Leaving out all pictures, return the records word for word.

[Opening Study material section]

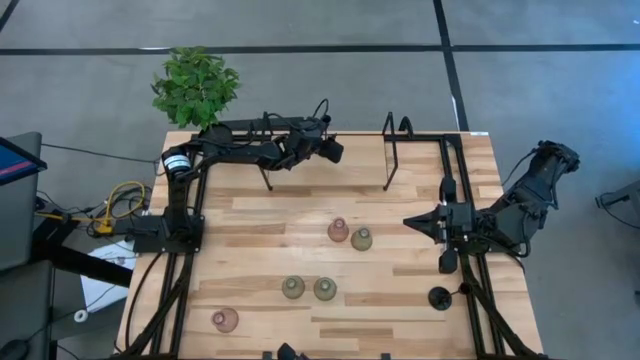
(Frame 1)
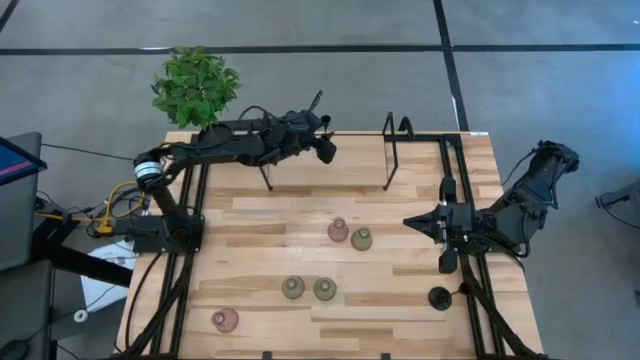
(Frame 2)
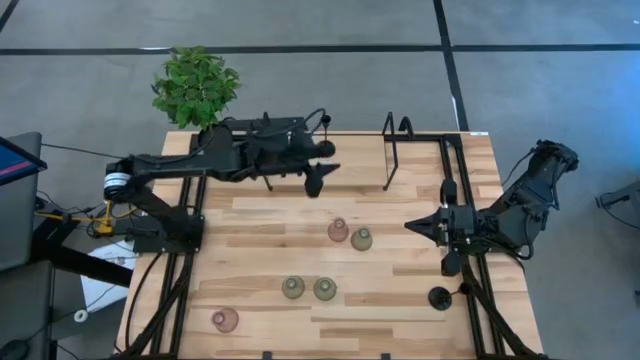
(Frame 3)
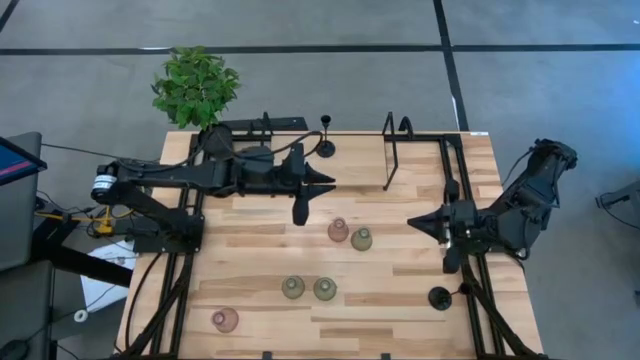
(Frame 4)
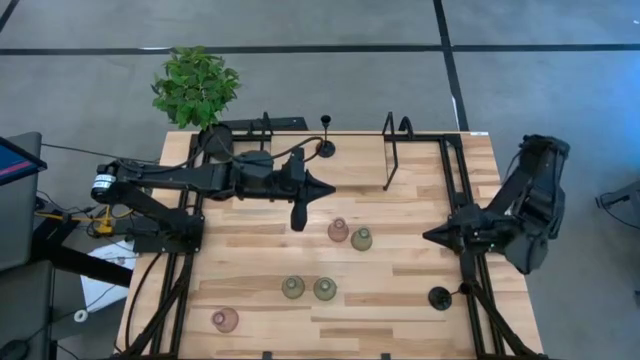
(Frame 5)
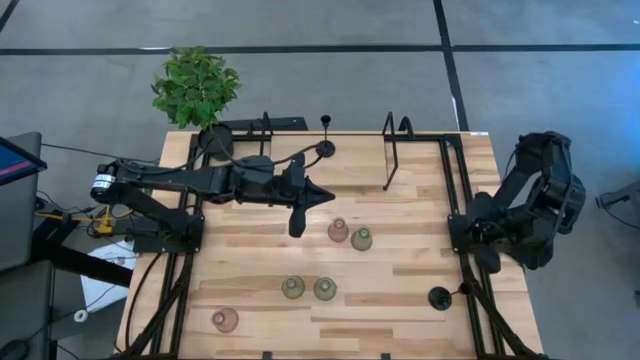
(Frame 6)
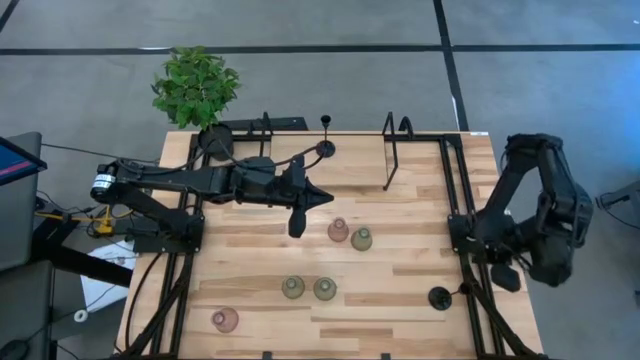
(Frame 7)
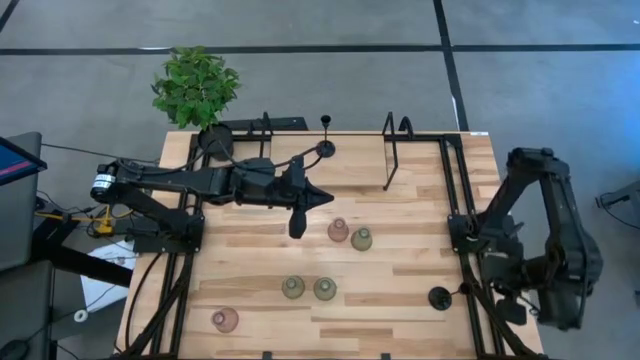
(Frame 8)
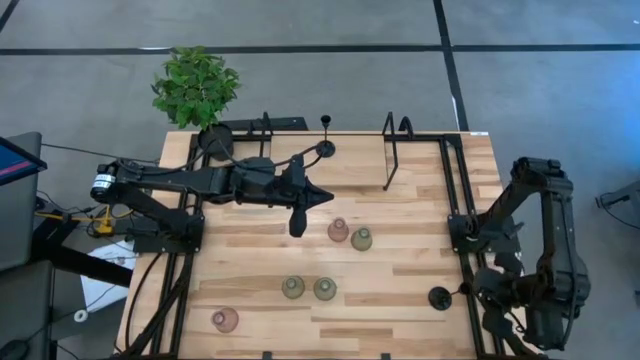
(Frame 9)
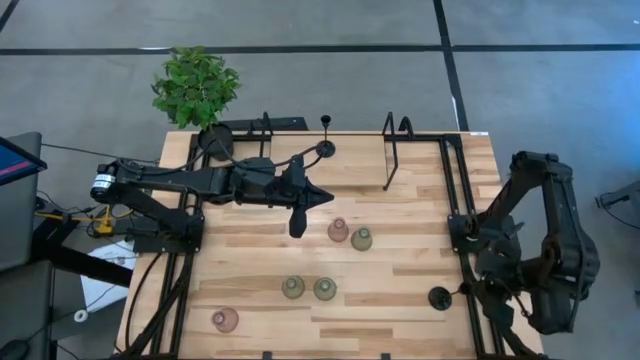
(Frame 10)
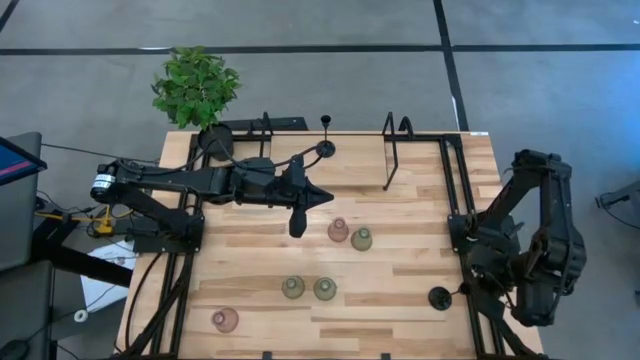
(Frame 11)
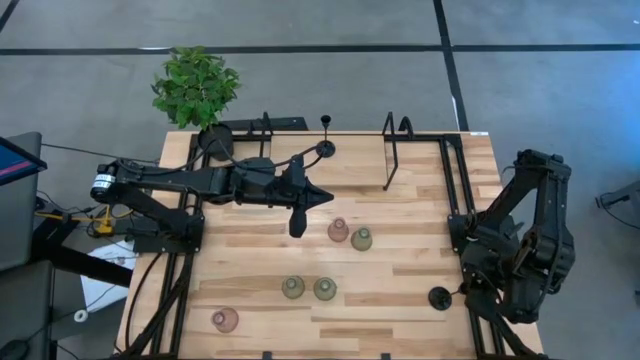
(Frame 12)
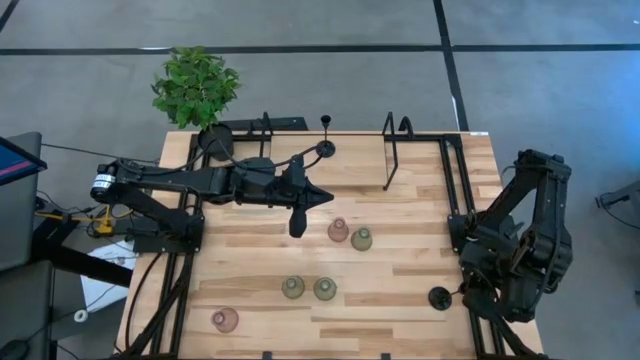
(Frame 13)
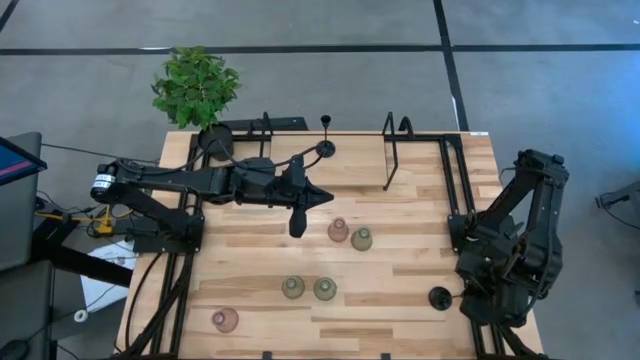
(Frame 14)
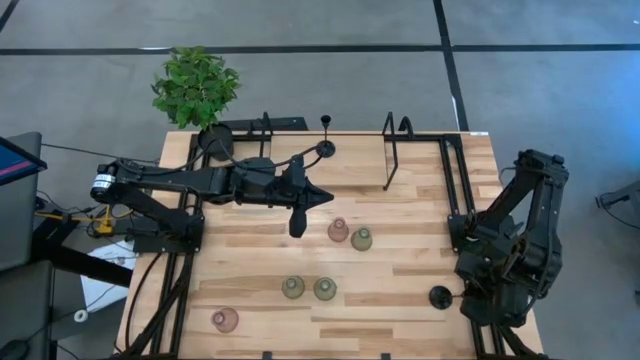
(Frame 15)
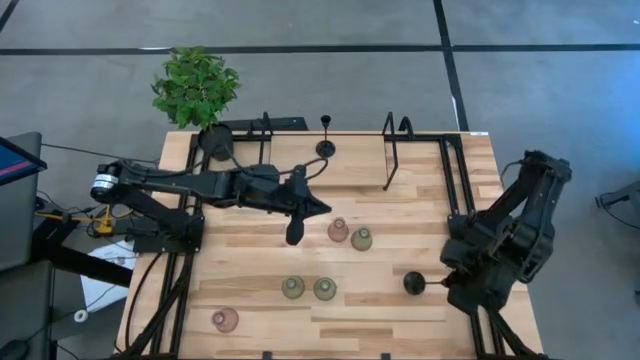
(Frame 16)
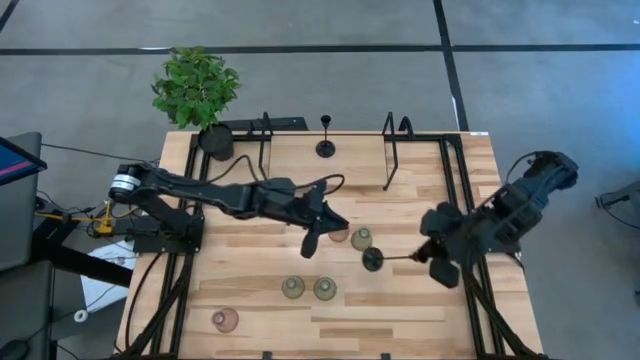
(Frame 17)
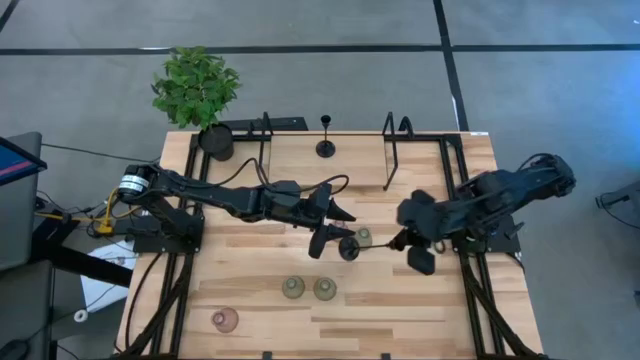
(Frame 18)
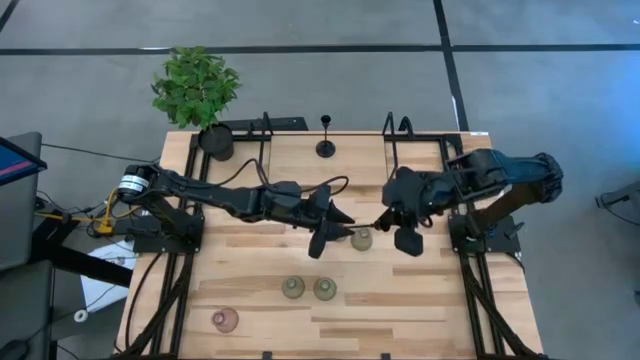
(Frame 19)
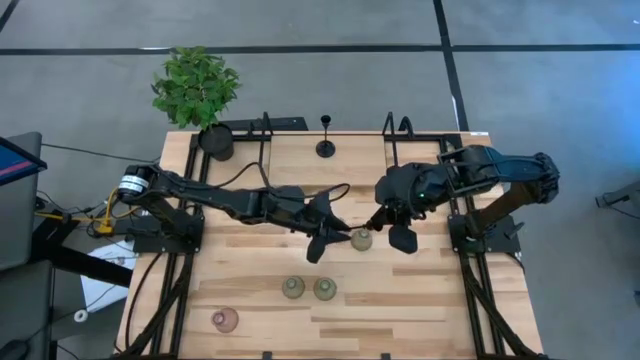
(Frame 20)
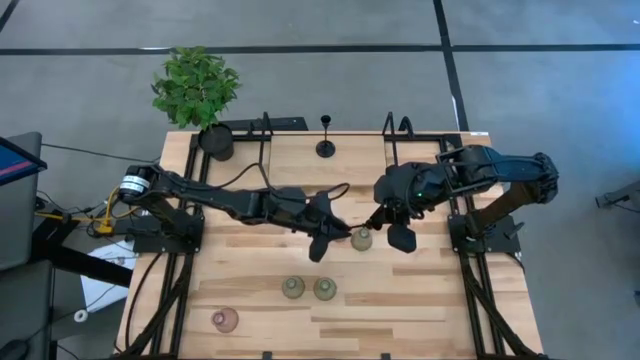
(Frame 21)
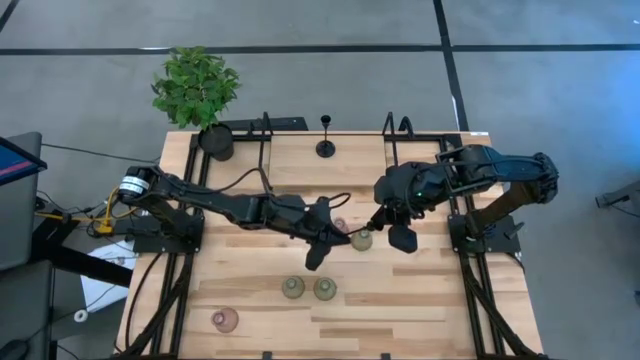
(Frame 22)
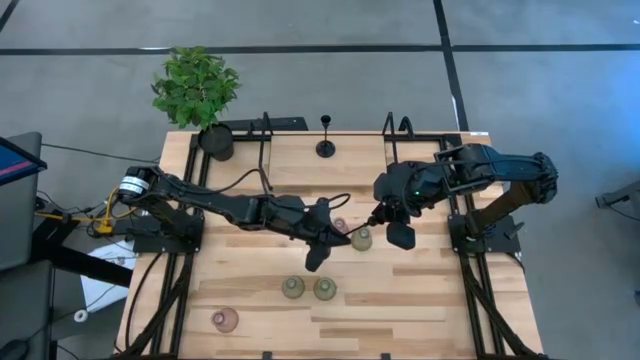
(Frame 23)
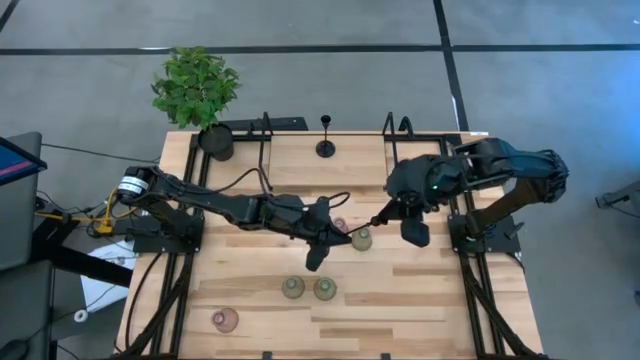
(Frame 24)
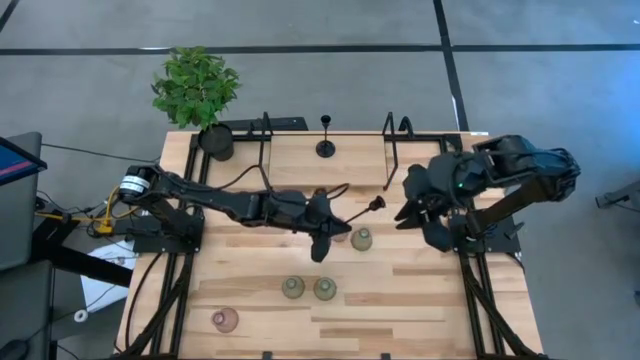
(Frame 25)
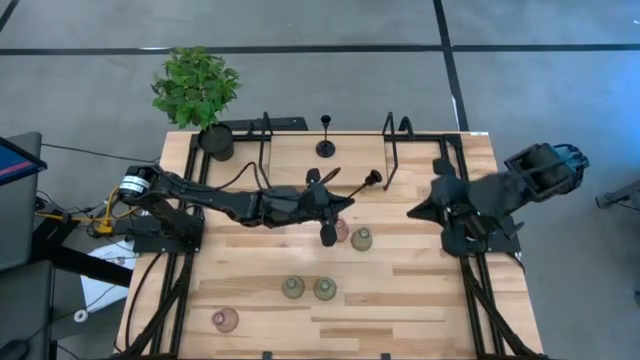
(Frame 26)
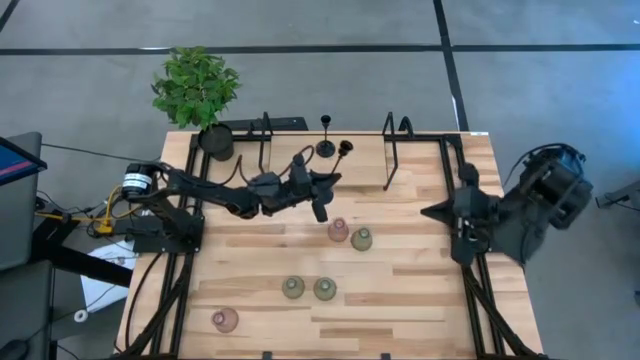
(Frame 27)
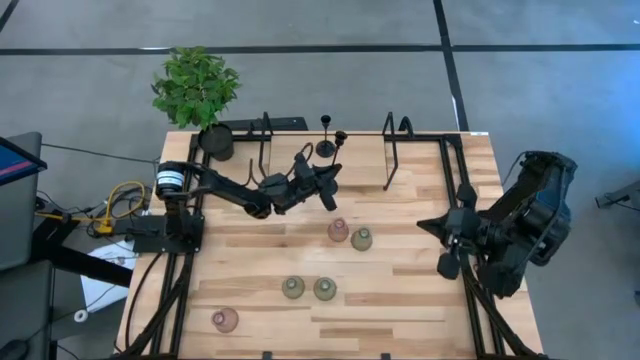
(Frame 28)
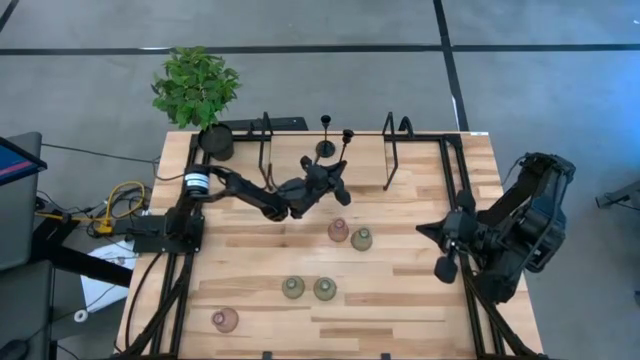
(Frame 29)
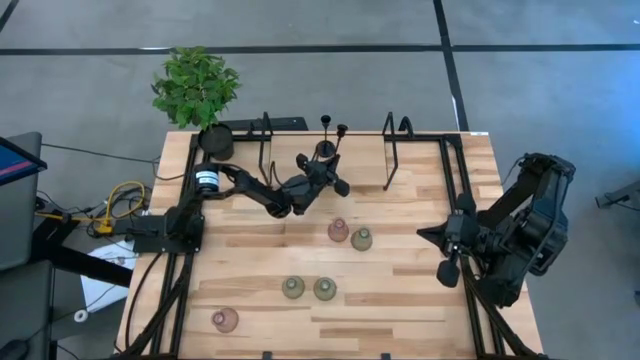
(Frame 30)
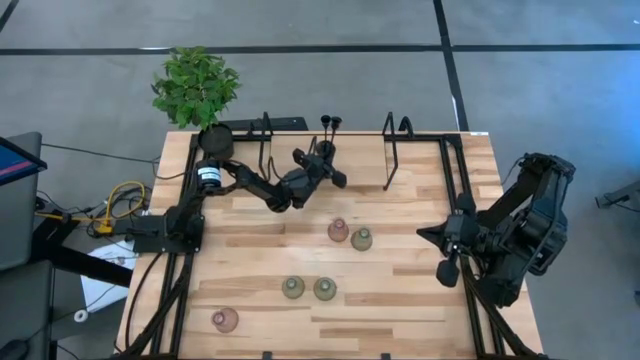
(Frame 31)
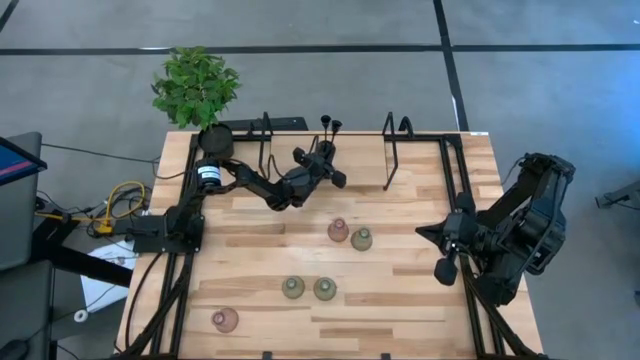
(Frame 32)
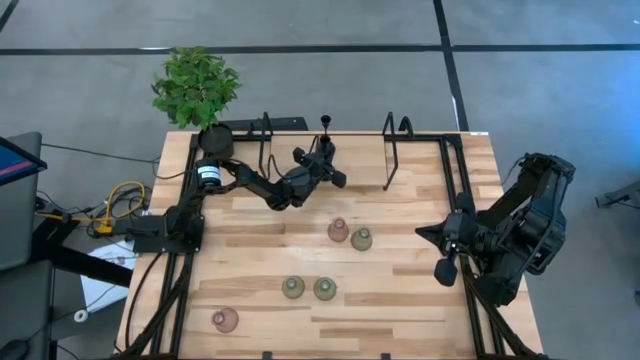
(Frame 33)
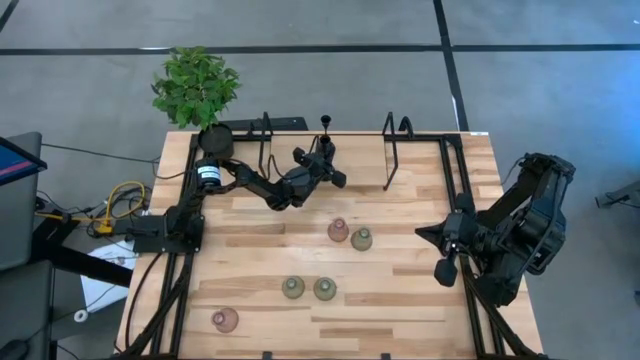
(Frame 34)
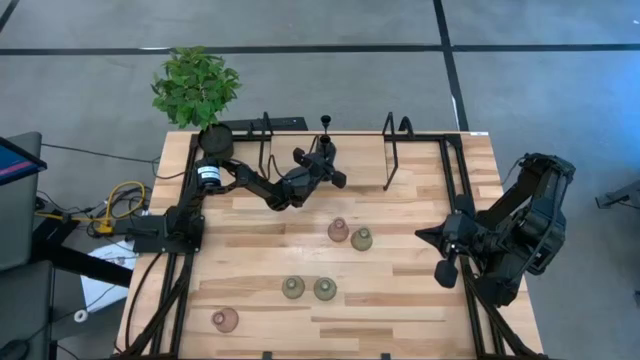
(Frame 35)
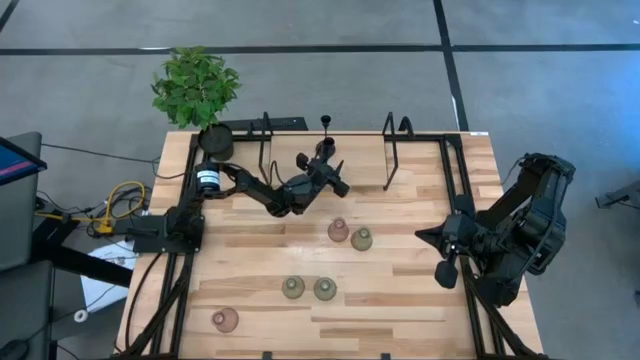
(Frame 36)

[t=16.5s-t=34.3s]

[Closing Study material section]

**Response below**.
(Frame 1)
(Frame 2)
(Frame 3)
(Frame 4)
(Frame 5)
(Frame 6)
(Frame 7)
(Frame 8)
(Frame 9)
(Frame 10)
(Frame 11)
(Frame 12)
(Frame 13)
(Frame 14)
(Frame 15)
(Frame 16)
(Frame 17)
(Frame 18)
(Frame 19)
(Frame 20)
(Frame 21)
(Frame 22)
(Frame 23)
(Frame 24)
(Frame 25)
(Frame 26)
(Frame 27)
(Frame 28)
(Frame 29)
(Frame 30)
(Frame 31)
(Frame 32)
(Frame 33)
(Frame 34)
(Frame 35)
(Frame 36)

[t=16.5s-t=34.3s]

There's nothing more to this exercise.